══ DATASET EXTRACT

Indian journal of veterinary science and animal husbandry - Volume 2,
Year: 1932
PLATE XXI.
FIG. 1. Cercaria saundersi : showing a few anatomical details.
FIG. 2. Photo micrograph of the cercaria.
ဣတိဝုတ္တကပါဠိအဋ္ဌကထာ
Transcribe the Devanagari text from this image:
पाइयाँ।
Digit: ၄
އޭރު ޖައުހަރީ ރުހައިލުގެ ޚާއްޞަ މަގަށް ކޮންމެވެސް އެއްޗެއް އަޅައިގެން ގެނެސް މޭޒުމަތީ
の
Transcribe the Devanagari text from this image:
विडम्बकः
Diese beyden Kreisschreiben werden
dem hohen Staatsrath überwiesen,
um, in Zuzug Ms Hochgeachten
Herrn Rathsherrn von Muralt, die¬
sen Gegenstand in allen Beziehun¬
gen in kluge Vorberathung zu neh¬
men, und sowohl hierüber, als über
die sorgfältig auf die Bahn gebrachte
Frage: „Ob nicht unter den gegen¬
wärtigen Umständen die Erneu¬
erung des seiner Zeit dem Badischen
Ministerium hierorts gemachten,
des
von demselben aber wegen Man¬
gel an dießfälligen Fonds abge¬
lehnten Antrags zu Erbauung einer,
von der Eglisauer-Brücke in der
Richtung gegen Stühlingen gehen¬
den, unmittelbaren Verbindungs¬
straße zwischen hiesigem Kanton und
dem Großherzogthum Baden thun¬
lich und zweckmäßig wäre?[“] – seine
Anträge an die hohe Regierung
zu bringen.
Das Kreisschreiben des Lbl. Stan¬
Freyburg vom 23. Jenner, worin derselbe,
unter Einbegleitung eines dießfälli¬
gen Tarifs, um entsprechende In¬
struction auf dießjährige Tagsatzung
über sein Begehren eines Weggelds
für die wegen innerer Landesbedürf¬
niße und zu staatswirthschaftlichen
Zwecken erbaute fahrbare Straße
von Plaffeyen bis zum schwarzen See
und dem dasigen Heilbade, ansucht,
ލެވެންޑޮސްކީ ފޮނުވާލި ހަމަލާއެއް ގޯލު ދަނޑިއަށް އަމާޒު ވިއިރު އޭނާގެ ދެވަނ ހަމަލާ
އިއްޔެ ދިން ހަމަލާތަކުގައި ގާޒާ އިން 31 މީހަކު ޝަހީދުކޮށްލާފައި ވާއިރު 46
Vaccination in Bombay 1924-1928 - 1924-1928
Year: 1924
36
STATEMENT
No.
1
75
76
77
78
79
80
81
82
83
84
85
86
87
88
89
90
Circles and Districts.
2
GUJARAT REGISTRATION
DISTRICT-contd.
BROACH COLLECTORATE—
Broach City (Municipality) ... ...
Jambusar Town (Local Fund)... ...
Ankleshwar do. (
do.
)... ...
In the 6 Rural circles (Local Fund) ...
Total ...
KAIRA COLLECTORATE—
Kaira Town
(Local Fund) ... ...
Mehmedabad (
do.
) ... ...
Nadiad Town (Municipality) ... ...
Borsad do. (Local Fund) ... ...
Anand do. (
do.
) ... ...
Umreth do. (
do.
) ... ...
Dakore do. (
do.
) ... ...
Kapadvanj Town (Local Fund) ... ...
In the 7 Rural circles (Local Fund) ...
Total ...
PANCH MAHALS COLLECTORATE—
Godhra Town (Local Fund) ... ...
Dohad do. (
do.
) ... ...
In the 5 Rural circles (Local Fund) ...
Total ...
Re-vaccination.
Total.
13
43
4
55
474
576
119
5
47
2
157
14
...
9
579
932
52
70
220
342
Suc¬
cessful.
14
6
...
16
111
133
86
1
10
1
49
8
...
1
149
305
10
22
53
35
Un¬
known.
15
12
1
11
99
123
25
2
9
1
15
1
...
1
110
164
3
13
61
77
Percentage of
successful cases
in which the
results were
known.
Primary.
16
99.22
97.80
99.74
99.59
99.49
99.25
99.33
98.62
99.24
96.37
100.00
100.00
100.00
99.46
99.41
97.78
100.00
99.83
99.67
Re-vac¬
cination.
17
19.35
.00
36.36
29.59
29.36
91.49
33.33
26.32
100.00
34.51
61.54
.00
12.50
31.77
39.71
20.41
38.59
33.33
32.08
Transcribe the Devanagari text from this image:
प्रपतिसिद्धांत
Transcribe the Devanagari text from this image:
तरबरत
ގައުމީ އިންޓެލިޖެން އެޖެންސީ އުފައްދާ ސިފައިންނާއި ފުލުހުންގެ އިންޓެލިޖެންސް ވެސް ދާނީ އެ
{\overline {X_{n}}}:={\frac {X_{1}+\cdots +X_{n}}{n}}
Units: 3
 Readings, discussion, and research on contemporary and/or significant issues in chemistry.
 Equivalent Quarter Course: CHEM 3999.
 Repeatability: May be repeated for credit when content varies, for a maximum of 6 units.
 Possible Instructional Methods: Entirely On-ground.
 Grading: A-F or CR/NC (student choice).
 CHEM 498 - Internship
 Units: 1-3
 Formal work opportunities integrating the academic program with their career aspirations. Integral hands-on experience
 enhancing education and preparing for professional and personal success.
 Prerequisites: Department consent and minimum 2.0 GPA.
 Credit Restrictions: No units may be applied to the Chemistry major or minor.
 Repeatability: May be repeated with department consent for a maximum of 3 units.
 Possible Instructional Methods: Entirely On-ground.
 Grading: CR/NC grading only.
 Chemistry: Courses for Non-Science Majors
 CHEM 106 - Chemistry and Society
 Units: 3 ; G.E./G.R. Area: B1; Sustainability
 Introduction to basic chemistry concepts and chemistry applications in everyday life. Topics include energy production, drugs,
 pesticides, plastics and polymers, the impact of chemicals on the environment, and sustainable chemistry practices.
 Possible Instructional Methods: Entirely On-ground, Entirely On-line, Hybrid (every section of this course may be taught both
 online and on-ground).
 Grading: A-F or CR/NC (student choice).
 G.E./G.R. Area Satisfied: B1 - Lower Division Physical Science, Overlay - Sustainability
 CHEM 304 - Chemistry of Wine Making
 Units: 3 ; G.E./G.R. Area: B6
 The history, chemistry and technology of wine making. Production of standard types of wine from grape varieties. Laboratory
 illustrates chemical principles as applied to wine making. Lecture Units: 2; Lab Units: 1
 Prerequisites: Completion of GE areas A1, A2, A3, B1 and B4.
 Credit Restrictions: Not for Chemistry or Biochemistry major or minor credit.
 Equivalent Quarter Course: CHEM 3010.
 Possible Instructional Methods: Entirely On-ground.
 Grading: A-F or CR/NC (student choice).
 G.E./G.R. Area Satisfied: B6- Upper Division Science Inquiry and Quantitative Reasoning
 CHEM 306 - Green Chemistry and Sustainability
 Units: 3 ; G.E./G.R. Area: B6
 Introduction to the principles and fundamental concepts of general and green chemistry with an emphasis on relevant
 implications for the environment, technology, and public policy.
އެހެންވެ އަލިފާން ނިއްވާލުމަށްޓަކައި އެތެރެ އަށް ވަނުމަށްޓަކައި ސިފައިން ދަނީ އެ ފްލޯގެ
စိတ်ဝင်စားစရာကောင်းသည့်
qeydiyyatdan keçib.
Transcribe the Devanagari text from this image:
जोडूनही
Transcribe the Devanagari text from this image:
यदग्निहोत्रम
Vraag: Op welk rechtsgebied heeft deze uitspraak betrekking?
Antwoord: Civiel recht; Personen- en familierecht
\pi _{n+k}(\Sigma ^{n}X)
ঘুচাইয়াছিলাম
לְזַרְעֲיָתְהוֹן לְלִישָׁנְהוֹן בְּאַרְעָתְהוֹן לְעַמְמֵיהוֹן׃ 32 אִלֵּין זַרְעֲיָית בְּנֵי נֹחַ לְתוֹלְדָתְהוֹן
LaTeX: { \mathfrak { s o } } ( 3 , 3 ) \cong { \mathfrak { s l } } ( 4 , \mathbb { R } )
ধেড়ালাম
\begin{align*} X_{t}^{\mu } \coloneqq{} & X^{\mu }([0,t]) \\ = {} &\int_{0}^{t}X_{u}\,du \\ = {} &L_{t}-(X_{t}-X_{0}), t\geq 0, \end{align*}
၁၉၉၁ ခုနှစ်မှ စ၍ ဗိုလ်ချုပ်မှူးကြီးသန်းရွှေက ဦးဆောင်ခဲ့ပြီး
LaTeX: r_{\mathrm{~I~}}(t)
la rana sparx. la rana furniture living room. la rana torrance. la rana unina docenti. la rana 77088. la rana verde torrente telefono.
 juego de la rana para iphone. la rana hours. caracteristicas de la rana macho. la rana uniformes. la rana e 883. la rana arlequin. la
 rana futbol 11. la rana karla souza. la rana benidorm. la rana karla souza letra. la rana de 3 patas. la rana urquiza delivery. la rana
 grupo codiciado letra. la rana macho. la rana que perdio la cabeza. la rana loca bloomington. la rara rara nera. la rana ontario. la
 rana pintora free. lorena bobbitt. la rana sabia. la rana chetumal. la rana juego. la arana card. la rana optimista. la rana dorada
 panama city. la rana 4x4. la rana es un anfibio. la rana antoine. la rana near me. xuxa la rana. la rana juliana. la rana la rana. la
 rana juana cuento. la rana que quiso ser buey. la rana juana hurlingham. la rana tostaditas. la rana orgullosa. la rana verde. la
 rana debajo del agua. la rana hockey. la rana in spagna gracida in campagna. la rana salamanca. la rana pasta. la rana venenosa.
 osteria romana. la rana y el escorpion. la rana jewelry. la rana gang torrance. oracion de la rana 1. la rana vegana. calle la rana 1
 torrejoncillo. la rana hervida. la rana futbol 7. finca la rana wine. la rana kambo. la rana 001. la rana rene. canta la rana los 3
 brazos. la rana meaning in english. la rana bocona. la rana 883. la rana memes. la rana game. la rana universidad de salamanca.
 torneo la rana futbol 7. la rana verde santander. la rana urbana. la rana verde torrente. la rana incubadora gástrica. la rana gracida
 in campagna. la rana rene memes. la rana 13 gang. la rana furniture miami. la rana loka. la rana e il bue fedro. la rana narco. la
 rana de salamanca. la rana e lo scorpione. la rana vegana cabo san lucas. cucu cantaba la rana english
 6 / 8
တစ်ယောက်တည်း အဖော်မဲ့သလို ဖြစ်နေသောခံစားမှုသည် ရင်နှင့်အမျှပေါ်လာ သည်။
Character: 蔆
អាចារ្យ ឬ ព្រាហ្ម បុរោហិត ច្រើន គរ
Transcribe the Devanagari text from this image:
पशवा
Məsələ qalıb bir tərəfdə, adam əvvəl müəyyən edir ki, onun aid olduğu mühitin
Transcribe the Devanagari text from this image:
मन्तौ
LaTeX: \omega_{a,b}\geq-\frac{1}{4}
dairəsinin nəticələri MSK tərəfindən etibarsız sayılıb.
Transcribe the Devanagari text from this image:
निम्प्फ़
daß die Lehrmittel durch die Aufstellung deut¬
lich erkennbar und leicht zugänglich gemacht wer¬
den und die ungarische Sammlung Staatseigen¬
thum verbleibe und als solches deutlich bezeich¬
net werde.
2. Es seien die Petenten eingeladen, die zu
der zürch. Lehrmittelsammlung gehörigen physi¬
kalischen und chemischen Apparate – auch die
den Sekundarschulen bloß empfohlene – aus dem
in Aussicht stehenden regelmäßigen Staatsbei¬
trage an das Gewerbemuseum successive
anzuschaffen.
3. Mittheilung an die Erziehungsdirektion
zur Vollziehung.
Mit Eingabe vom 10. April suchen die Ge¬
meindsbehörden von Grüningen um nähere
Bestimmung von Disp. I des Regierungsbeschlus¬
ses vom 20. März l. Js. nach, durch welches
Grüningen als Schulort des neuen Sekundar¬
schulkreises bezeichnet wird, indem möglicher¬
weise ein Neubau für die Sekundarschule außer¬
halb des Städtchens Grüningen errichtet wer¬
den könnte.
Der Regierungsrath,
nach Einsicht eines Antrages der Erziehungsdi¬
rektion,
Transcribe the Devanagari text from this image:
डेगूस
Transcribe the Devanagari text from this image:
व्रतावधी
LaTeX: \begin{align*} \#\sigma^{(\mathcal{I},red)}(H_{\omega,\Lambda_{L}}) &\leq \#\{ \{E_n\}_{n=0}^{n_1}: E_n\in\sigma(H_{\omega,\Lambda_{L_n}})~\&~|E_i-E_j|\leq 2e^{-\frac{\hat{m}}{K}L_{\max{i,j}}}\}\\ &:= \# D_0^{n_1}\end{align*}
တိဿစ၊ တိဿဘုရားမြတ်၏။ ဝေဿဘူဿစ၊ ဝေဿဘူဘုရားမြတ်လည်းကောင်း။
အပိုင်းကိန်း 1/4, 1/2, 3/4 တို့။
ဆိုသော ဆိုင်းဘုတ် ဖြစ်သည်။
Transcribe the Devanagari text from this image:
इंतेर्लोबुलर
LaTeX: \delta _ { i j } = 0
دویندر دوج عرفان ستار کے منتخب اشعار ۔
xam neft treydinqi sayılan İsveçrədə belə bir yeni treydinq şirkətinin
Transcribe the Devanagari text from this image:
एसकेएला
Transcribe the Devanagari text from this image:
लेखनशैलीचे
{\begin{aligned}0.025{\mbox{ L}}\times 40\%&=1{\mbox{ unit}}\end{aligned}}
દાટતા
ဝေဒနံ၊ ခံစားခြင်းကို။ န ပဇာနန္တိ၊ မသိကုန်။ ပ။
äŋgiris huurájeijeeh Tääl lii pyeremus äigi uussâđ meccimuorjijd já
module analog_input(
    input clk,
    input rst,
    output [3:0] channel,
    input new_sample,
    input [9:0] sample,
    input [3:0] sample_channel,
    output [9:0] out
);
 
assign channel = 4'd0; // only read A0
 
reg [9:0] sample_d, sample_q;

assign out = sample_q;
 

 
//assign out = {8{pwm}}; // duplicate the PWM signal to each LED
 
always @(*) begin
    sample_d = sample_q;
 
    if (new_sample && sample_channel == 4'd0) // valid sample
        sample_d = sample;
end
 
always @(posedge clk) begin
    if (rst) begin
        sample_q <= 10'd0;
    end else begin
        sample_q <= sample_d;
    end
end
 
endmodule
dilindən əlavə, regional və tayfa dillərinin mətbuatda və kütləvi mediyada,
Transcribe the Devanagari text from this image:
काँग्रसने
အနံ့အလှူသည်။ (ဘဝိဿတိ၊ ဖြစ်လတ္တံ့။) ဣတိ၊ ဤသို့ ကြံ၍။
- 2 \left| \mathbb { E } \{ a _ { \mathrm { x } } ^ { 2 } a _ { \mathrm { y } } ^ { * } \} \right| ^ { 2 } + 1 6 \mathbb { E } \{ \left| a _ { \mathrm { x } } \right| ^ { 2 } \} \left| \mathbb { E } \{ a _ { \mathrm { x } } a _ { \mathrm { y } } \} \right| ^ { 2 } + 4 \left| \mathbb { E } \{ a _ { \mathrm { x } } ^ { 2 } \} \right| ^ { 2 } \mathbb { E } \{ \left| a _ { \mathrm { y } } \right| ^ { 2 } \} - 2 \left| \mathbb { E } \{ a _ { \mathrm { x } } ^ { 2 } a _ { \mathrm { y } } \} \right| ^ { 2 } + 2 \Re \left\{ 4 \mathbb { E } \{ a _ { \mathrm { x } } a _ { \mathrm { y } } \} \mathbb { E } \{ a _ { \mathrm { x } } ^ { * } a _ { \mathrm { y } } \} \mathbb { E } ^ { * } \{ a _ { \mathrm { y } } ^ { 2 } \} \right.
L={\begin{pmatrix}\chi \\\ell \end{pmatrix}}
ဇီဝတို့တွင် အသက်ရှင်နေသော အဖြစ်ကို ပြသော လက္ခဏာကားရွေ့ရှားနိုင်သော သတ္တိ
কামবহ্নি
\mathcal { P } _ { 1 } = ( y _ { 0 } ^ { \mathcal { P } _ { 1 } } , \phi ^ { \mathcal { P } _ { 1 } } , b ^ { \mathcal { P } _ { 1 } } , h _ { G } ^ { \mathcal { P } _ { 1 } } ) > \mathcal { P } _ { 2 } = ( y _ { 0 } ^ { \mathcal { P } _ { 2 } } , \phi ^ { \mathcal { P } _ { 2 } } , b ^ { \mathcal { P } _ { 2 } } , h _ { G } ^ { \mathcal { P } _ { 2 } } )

════

◆ TASK TO CARRY OUT: Write out the lines of the entries, word for word, from the first through the one containing "gel an dießfälligen Fonds abge¬", and stop at that line.

◆ ANSWER TO THE PROBLEM:
Indian journal of veterinary science and animal husbandry - Volume 2,
Year: 1932
PLATE XXI.
FIG. 1. Cercaria saundersi : showing a few anatomical details.
FIG. 2. Photo micrograph of the cercaria.
ဣတိဝုတ္တကပါဠိအဋ္ဌကထာ
Transcribe the Devanagari text from this image:
पाइयाँ।
Digit: ၄
އޭރު ޖައުހަރީ ރުހައިލުގެ ޚާއްޞަ މަގަށް ކޮންމެވެސް އެއްޗެއް އަޅައިގެން ގެނެސް މޭޒުމަތީ
の
Transcribe the Devanagari text from this image:
विडम्बकः
Diese beyden Kreisschreiben werden
dem hohen Staatsrath überwiesen,
um, in Zuzug Ms Hochgeachten
Herrn Rathsherrn von Muralt, die¬
sen Gegenstand in allen Beziehun¬
gen in kluge Vorberathung zu neh¬
men, und sowohl hierüber, als über
die sorgfältig auf die Bahn gebrachte
Frage: „Ob nicht unter den gegen¬
wärtigen Umständen die Erneu¬
erung des seiner Zeit dem Badischen
Ministerium hierorts gemachten,
des
von demselben aber wegen Man¬
gel an dießfälligen Fonds abge¬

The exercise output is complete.